On deposits, Wendel said the quarterly reduction was largely driven by seasonal public fund outflows, along with a strategic decision to replace some brokered funding with Federal Home Loan Bank (FHLB) borrowing. She emphasized growth in core customer deposits, which increased 1.6% from the prior quarter.

Herpich said deposits totaled $1.3 billion at March 31, 2026, and declined $66.2 million from the prior quarter. He cited decreases of $61.6 million in interest checking and money market deposits and a $10.8 million decline in certificates of deposit. The company reduced broker deposits and used other borrowing sources, including the FHLB, as part of its funding mix strategy, he said. Herpich also said total borrowings increased $57.3 million during the quarter.

Landmark’s loan-to-deposit ratio was 82.1% at quarter-end, which Herpich said “continues to provide sufficient liquidity to fund future loan growth.”

Credit trends: modest increases in non-performers and delinquencies

Chief Credit Officer Raymond McLanahan said overall loan balances declined modestly as the bank focused on “disciplined growth and active balance sheet management,” including working down select relationships that no longer align with its risk appetite.

McLanahan said non-performing loans totaled $10.4 million, or 0.94% of gross loans, up slightly from 0.90% at year-end. He attributed the increase primarily to a single $1.3 million commercial relationship that “ceased operations shortly after quarter end.” While no specific impairment was identified at quarter-end, McLanahan said the bank moved the relationship to non-accrual and that the borrower is working with the bank to self-liquidate.

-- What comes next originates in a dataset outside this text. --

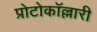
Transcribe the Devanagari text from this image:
प्रोटोकॉल्लारी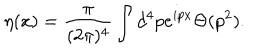
LaTeX: \eta ( x ) = { \frac { \pi } { ( 2 \pi ) ^ { 4 } } } \int d ^ { 4 } p e ^ { i p x } \Theta ( p ^ { 2 } ) . \nonumber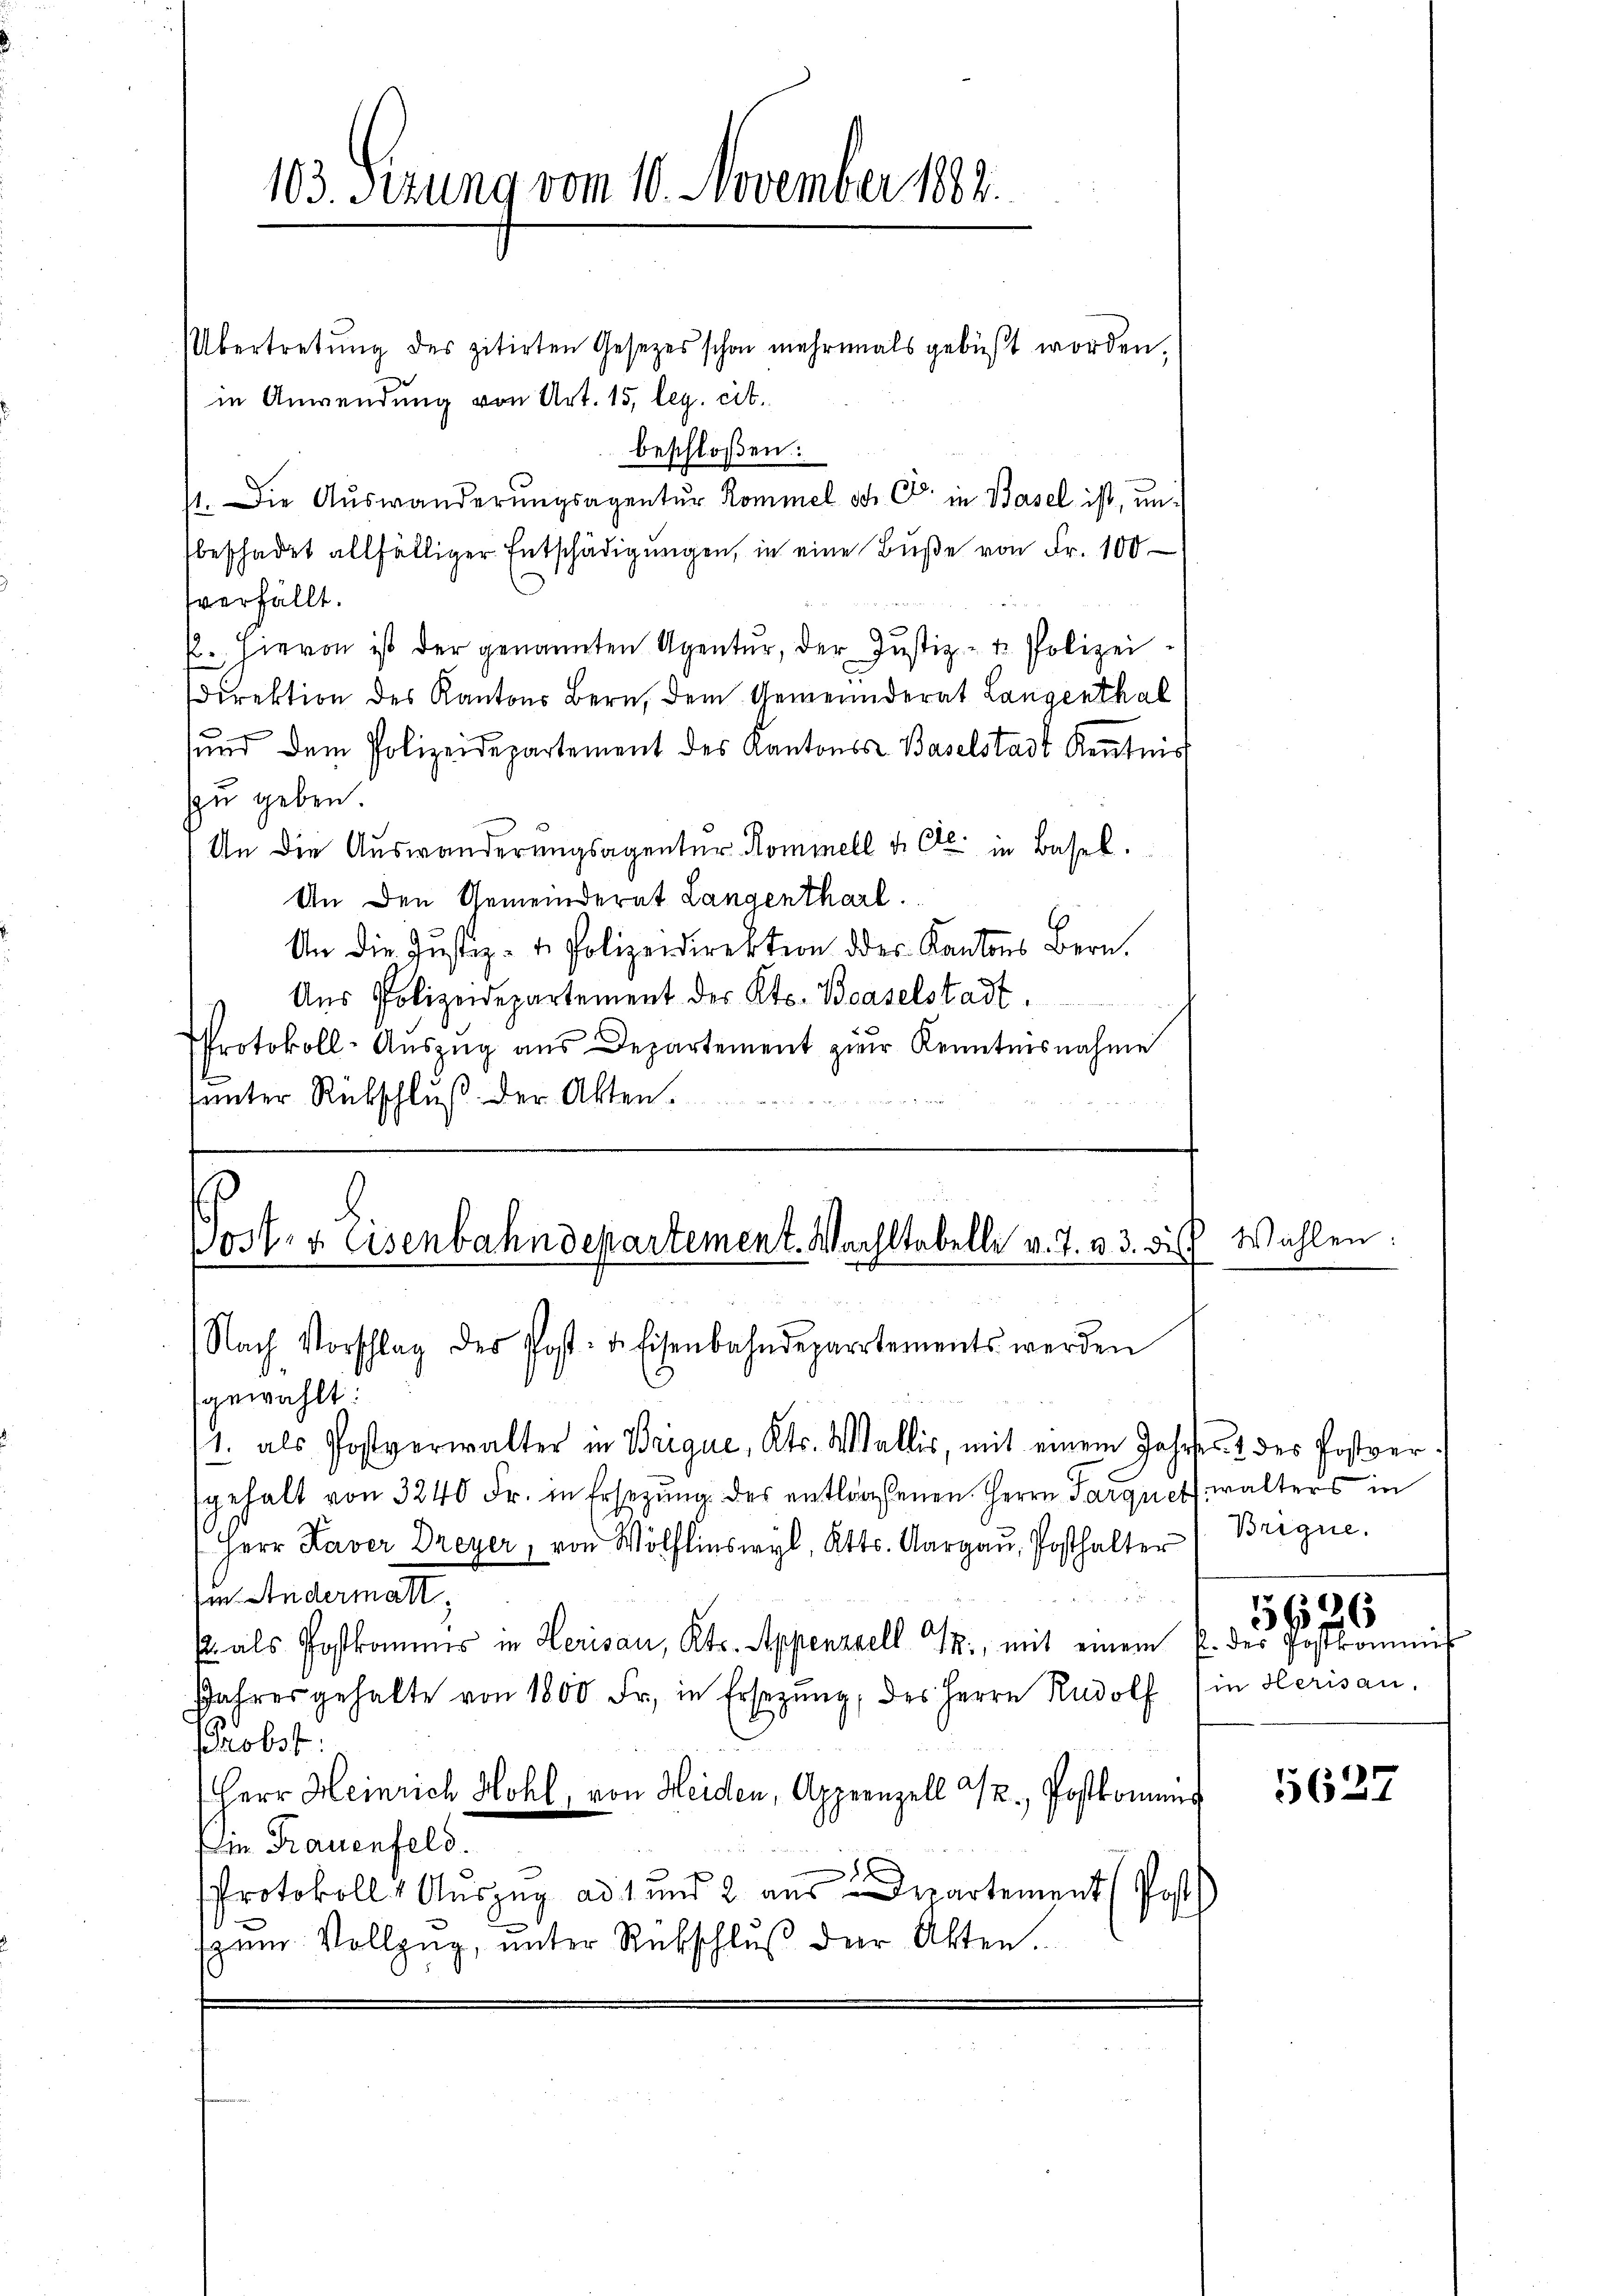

He added that subsequent to quarter-end, the outstanding balance was reduced by about $500,000.

Loans delinquent 30 to 89 days and still accruing interest rose to $7.4 million, or 0.68% of gross loans, from $4.3 million, or 0.38% at December 31. McLanahan said the increase was primarily tied to a $2.2 million agricultural relationship and a $1.8 million loan secured by several 1-4 family residential properties, describing the drivers as borrower-specific and “manageable.”

Net charge-offs were $349,000 in the quarter, similar to $341,000 in the fourth quarter of 2025, McLanahan said. On an annualized basis, net charge-offs were about 0.13% of average loans. The allowance for credit losses increased to $12.6 million, or 1.15% of gross loans, from 1.12% at year-end, and the company recorded a $500,000 provision for credit losses, which McLanahan said reflected portfolio mix changes, updated economic assumptions, and “continued prudence in reserving practices.”

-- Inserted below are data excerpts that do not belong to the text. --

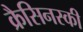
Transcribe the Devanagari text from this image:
क्रैसिनस्की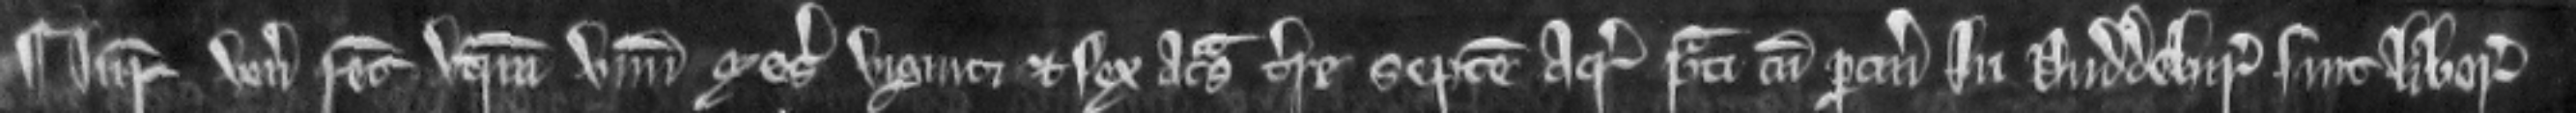
Jurata venit recognitura utrum unum mesuagium viginti et sex acras terre septem acre prati cum pertinenciis in Duddebir sint libera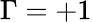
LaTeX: \Gamma=+1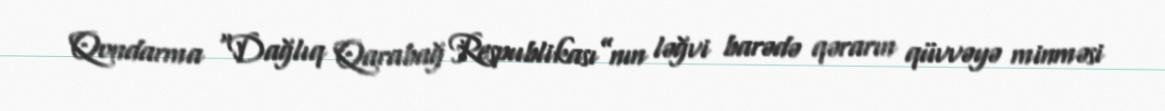
Qondarma “Dağlıq Qarabağ Respublikası”nın ləğvi barədə qərarın qüvvəyə minməsi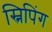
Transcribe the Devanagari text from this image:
स्निपिंग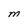
Character: M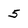
Character: 5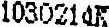
1030214K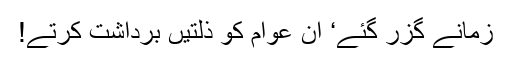
زمانے گزر گئے‘ ان عوام کو ذلتیں برداشت کرتے!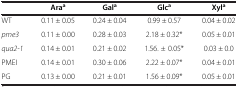
<table><thead><tr><td><b> </b></td><td><b>Ara<sup>a</sup></b></td><td><b>Gal<sup>a</sup></b></td><td><b>Glc<sup>a</sup></b></td><td><b>Xyl<sup>a</sup></b></td></tr></thead><tbody><tr><td>WT</td><td>0.11 ± 0.05</td><td>0.24 ± 0.04</td><td>0.99 ± 0.57</td><td>0.04 ± 0.02</td></tr><tr><td><i>pme3</i></td><td>0.11 ± 0.00</td><td>0.28 ± 0.03</td><td>2.18 ± 0.32*</td><td>0.05 ± 0.01</td></tr><tr><td><i>qua2-1</i></td><td>0.14 ± 0.01</td><td>0.21 ± 0.02</td><td>1.56. ± 0.05*</td><td>0.03 ± 0.0</td></tr><tr><td>PMEI</td><td>0.14 ± 0.01</td><td>0.30 ± 0.06</td><td>2.22 ± 0.07*</td><td>0.04 ± 0.01</td></tr><tr><td>PG</td><td>0.13 ± 0.00</td><td>0.21 ± 0.01</td><td>1.56 ± 0.09*</td><td>0.05 ± 0.01</td></tr></tbody></table>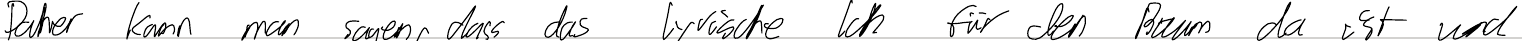
Daher kann man sagen, dass das lyrische Ich für den Baum da ist und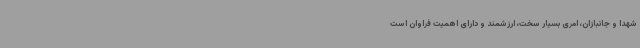
شهدا و جانبازان، امری بسیار سخت، ارزشمند و دارای اهمیت فراوان است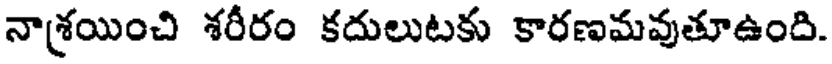
నాశ్రయించి శరీరం కదులుటకు కారణమవుతూఉంది.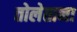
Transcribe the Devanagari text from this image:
तोलेताना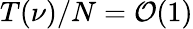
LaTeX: T(\nu)/N={\cal O}(1)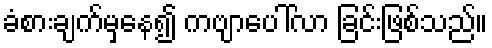
ခံစားချက်မှနေ၍ ကဗျာပေါ်လာ ခြင်းဖြစ်သည်။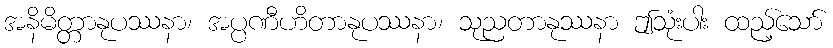
အနိမိတ္တာနုပဿနာ၊ အပ္ပဏီဟိတာနုပဿနာ၊ သုညတာနုဿနာ ဤသုံးပါး ထည့်သော်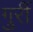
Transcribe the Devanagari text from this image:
गुर्री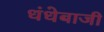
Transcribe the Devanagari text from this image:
धंधेबाजी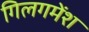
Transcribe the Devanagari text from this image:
गिलगमेंश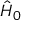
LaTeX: { \hat { H } } _ { 0 }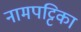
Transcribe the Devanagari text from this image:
नामपट्टिका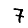
Digit: 7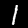
Label: 1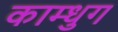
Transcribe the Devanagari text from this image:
काम्धुग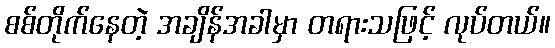
စစ်တိုက်နေတဲ့ အချိန်အခါမှာ တရားသဖြင့် လုပ်တယ်။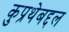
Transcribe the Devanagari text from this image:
कुप्रथेबद्दल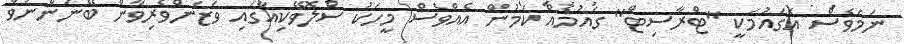
ނަމަވެސް އެގައުމަކީ "ޓްރާސިޓް" ގައުމެއް ކަމުން އެއްވެސް މީހަކު ސްލޮވޭކިއާގައި ވަޒަންވެރިވާން ބޭނުންނުވާ
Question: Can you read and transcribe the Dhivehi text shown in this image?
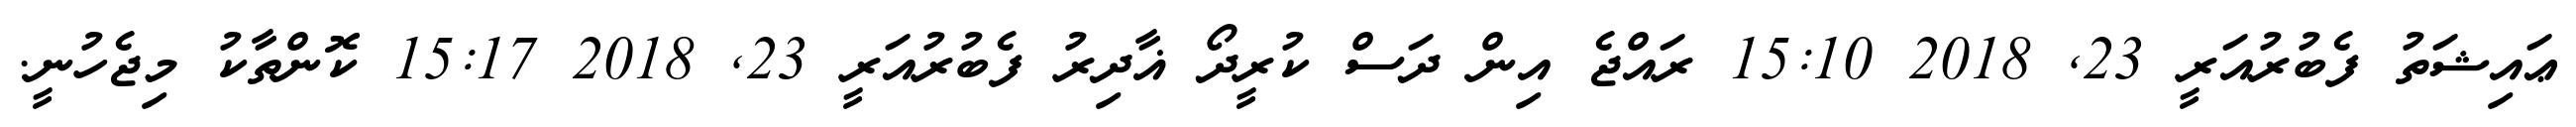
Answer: ޢައިޝަތު ފެބުރުއަރީ 23, 2018 15:10 ރައްޖެ އިން ދަސް ކުރީދޯ ޣާދިރު ފެބުރުއަރީ 23, 2018 15:17 ކޮންތާކު މިޖެހުނީ.
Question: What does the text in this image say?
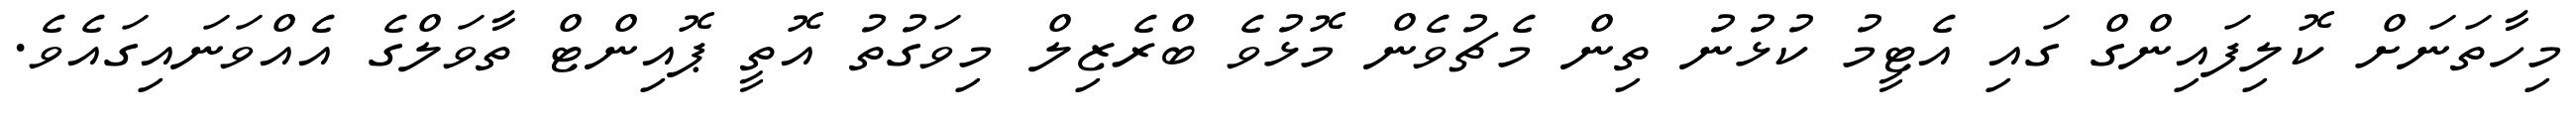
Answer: މިހާތަނަށް ކޮލިފައިންގް ގައި އެޓީމު ކުޅުނު ތިން މެޗުވެން މޮޅުވެ ބްރެޒިލް މިވަގުތު އޮތީ ޕޮއިންޓް ތާވަލްގެ އެއްވަނައިގައެވެ.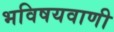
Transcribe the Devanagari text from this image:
भविषयवाणी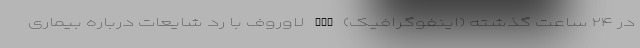
در ۲۴ ساعت گذشته (اینفوگرافیک) nan لاوروف با رد شایعات درباره بیماری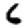
Digit: 6

McLanahan said conditions across Kansas remained “generally stable,” with employment supporting borrower cash flows, though some sectors face pressure from higher operating costs and interest rates. He said management had not observed “systemic stress” within the portfolio.

Wendel also highlighted capital and shareholder returns, stating tangible common equity to assets increased to 8.11% and tangible book value per share ended the quarter at $20.89. She said the board declared a cash dividend of $0.21 per share payable May 28 to shareholders of record May 14, marking the company’s 99th consecutive quarterly cash dividend since the parent company’s formation in 2001.

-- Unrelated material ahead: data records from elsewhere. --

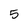
Character: 5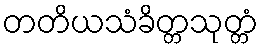
တတိယသံခိတ္တသုတ္တံ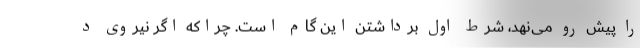
را پیش رو می‌نهد، شرط اول برداشتن این گام است‌. چراکه اگر نیروی د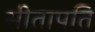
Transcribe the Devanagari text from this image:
सीतापतिं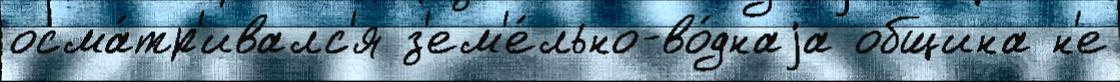
осма́тр'ивалс'я з'ем'е́льно-во́днаjа община н'е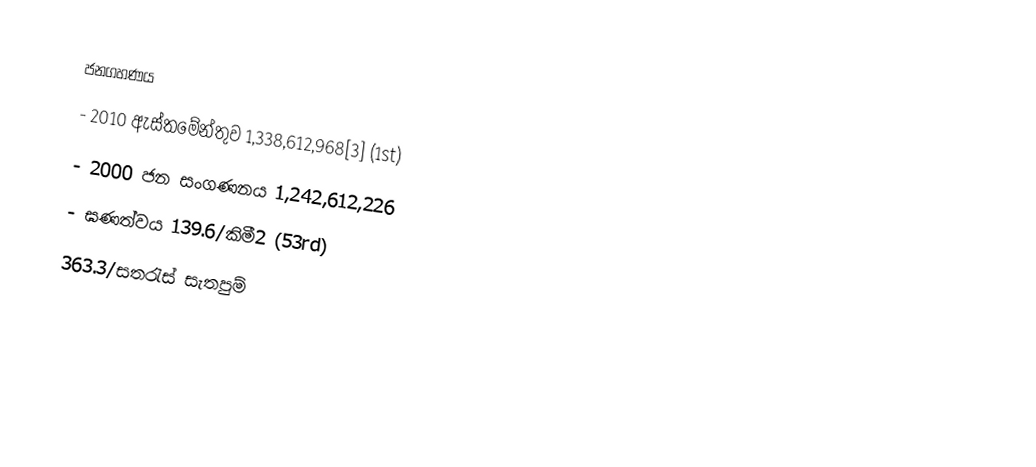
ජනගහණය
 -  	                      2010 ඇස්තමේන්තුව 	1,338,612,968[3] (1st)
 -  	                      2000 ජන සංගණනය 	1,242,612,226
 -  	                       ඝණත්වය 	139.6/කිමී2 (53rd)
                            363.3/සතරැස් සැතපුම්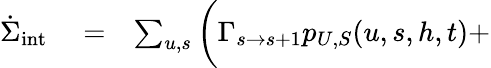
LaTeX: \begin{array}{rlr}{\dot{\Sigma}_{\mathrm{int}}}&{{}=}&{\sum_{u,s}\bigg(\Gamma_{s\to s+1}p_{U,S}(u,s,h,t)+}\end{array}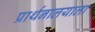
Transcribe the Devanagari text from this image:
प्रार्थनालयाला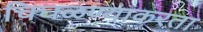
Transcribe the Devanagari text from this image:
चिघळण्याकरता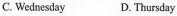
C. Wednesday D.Thursday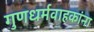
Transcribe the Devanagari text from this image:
गुणधर्मवाहकांना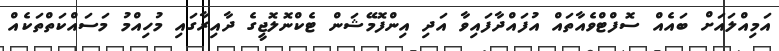
އަމިއްލައަށް ބައެއް ސޮފްޓްވެއާތައް އުފައްދާފައިވާ އަދި އިންފޮމޭޝަން ޓެކްނޮލޮޖީގެ ދާއިރާގައި މުހިއްމު މަސައްކަތްތަކެއް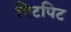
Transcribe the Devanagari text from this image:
गिटपिट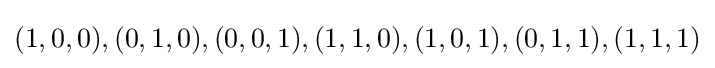
(1,0,0),(0,1,0),(0,0,1),(1,1,0),(1,0,1),(0,1,1),(1,1,1)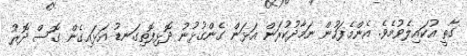
ގާތީ އުކައިލެވުމެވެ. އެންމެފަހުން ނަމާދުކުރަން އަޅަން ގެންގުޅުނު ދޮޅިފޮތިގަނޑު އަޅައިގެން ގޮސް ދޮރު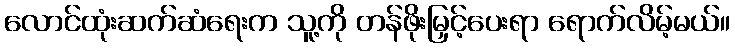
လောင်ထုံးဆက်ဆံရေးက သူ့ကို တန်ဖိုးမြှင့်ပေးရာ ရောက်လိမ့်မယ်။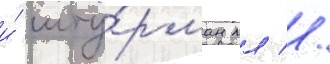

Looking ahead, Wendel said Landmark plans to make “targeted investments in revenue generating activities” while evaluating opportunities to improve efficiency and modernize how it delivers banking services across its footprint.

About Landmark Bancorp NASDAQ: LARK

Landmark Bancorp, Inc is the bank holding company for Landmark Community Bank, a community‐focused financial institution. The company provides a full range of deposit and lending products through its subsidiary, including checking and savings accounts, certificates of deposit, residential mortgages, home equity lines of credit and small business loans. Landmark Bancorp emphasizes personalized service, leveraging local decision-making to meet the unique needs of individuals and local enterprises.

In addition to traditional deposit and lending services, Landmark Bancorp offers comprehensive cash-management and treasury solutions for commercial clients.